2. Rate of conversion from new users to active contributors on WE
This measure shows that WE's are migrating from their 'Newbie' status to a more active role. An Active Contributor is an Otago educator-author who has completed the skill requirements associated with the WikiBuddy level which includes creating and inserting wiki-pedagogical templates; developing one lesson or content resource for WE; and adopting another user in the Otago WE community. This is equivalent to 75 edits over a 5-day period (in an L4C wiki skills workshop. WE defines Active Contributors as having more than 100 edits per month.
Otago Active Contributors will be engaged in organizational meetings and discussions (on- and off-wiki), starting new WE projects, contributing to their colleagues wiki pages – and beginning to collaborate in an effective meaningful way. They will also be better positioned to undertand the nuances of the wiki culture (i.e., how to exercise 'professional courtesy' with colleagues on-wiki); how to develop taxonomies for the lack of organization; and how resources and knowledge can pool in the Otago WE Community. They will begin to experience the aha's and insights associated with the wiki experience: just how powerful the software is, and how they can improve individual performance and productivity, and migrate to just-in-time learning without facilitator support. Active Contributors will experience greater control over their performance; exhibit greater influence and leadership in their communities; and experience lower levels of stress and anxiety in the Otago WE Community.
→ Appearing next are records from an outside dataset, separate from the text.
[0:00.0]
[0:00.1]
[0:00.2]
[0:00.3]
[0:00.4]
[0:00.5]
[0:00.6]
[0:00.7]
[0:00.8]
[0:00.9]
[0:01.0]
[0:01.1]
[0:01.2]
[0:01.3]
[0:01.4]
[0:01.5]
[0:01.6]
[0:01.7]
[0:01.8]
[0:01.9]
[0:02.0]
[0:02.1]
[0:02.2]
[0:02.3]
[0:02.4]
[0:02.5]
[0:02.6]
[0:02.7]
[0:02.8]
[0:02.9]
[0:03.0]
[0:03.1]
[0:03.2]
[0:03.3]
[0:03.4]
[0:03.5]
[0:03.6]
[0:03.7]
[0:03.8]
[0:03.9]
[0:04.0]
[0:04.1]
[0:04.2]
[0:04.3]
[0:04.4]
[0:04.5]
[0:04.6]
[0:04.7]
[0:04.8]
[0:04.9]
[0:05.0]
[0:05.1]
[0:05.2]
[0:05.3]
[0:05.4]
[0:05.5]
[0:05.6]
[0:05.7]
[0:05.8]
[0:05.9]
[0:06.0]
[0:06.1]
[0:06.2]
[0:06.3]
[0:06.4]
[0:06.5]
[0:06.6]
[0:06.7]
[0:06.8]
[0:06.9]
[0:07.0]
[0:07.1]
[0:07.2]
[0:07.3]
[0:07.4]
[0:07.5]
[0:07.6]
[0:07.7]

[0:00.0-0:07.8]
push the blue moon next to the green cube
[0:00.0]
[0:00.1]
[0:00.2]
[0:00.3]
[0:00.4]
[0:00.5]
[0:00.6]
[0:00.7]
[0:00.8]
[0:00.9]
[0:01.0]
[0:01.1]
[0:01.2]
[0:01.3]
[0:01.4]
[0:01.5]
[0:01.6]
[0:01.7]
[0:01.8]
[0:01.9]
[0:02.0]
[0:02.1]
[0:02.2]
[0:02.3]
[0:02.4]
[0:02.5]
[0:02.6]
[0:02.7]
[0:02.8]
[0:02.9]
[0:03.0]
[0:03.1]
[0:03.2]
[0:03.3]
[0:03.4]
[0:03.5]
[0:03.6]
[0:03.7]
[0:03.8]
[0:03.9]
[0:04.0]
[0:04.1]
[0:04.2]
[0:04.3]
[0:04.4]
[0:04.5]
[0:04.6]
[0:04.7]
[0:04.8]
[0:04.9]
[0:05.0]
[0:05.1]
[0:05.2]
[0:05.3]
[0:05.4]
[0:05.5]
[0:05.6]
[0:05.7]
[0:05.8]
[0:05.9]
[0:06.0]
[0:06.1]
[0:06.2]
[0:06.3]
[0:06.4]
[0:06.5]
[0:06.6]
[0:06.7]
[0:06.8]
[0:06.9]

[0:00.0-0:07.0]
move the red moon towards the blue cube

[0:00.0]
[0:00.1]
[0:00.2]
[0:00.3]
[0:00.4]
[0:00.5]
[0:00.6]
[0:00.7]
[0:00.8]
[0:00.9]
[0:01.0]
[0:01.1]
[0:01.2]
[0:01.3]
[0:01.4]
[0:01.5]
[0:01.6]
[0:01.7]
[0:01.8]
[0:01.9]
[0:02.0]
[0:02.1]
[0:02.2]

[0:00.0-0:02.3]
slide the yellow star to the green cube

As the conversion rate increases, it is an important indication of the maturity of the Otago WE community and project development space, and an indicator of the potential for meaningful project collaboration ahead.
3. Number, diversity and growth of active contributors on WE
At the heart of a sustainable Otago Community of WikiEducators, is the number, diversity and growth of active contributors. These outcome measures and associated timeline are indicators of a credible and maturing community-of-practice, increasingly drawing in serious educators (who are concerned about peer review and program quality). Otago will be able to identify when it is 'crossing its own chasm' and individual and organizational resistance is decreasing; and how its adoption curve is migrating from innovators and early adopters to early- and late-majority (Moore, 1991).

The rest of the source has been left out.